This past week has been...frustrating to say the least. There have been some good things thrown into the mix (like I got a job, yay) but I have been drowning in a sea of school assignments and self doubt. I have made countless recipes and not posted them because the pictures have been crap. I always compare myself to better photographers and other blogs, I remain my #1 critic. I am trying to focus on the positive aspects of life, I LOVE my blog and I think it has made me a better writer, photographer, and chef. I am trying not to get all caught up in being THE BEST and just taking time to enjoy each post/photo shoot and making improvements along the way. Anywho, let's talk about fishily dishes. I have always heard never pair fruit with seafood and normally I would agree EXCEPT when you're talking about delicious balsamic glazed cherries, then I say to heck with your fishy rules you don't tell me how to live my life!
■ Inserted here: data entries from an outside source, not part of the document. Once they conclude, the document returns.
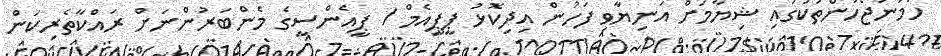
ހަމަނުޖެހުންތަކުގައި ޝިޔާމަށް އަނިޔާވި ފަހުން އިދިކޮޅު ޕީޕީއެމް / ޕީއެންސީގެ މެންބަރުންނަށް ރައްކާތެރިކަން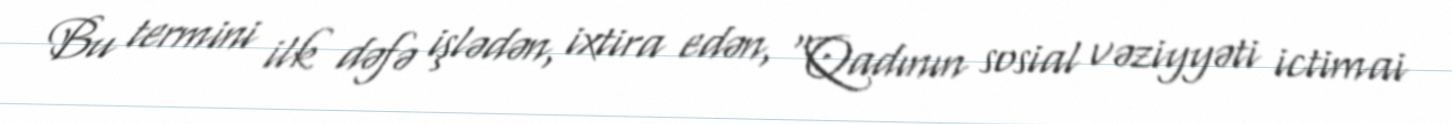
Bu termini ilk dəfə işlədən, ixtira edən, “Qadının sosial vəziyyəti ictimai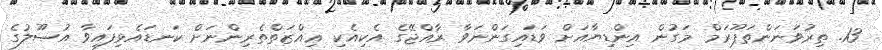
13. ތިރުވަނަންތަޕޫރަމް މަގުން އިންޑިޔާއަށް ވަޑައިގަންނަވާ ރާއްޖޭގެ އެކިއެކި ޢިއްޒަތްތެރިންނަށް ކަނޑައެޅިފައިވާ އުޞޫލުގެ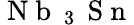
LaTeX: \mathrm{~N~b~}_{\mathrm{~3~}}\mathrm{~S~n~}

For some reason, these cherries defy the culinary laws and make this salmon delicious. I think it might be the balsamic vinegar, it tames the fruity sweetness and brings it down to a savory level. The pistachios add a salty and nutty (obviously because... they're nuts) flavor to the salmon and gives it that amazing texture.
For the quinoa...
1.In a medium sauce pan, bring two cups of chicken broth to a boil, then add 1 cup quinoa and cover, turning heat down to low. Let simmer for 12-15 minutes, then fluff with a fork and add 1 TBS freshly squeezed orange juice.
2.Serve under salmon and enjoy!
For the salmon...
4 salmon fillets, skinless and boneless
1/2 roasted and salted pistachios, chopped fine
1 TBS flour
1 TBS oil
1 cup of sweet black cherries, pitted and sliced in half (I used thawed frozen ones)
1/4 cup balsamic vinegar
1.Pat salmon dry with paper towels. Combine flour and pistachios and coat each salmon fillet on both sides.
2.In a medium skillet, heat oil on medium heat. Place each encrusted fillet and cook for 2 min. on each side. Take out of pan and set aside.
3.In the same pan add cherries and balsamic. Simmer on medium low each for about 3 minutes then add salmon fillets back into the pan and finish cooking for about 4 minutes (until fish is slightly firm to the touch and has an internal temp of 145 degrees F).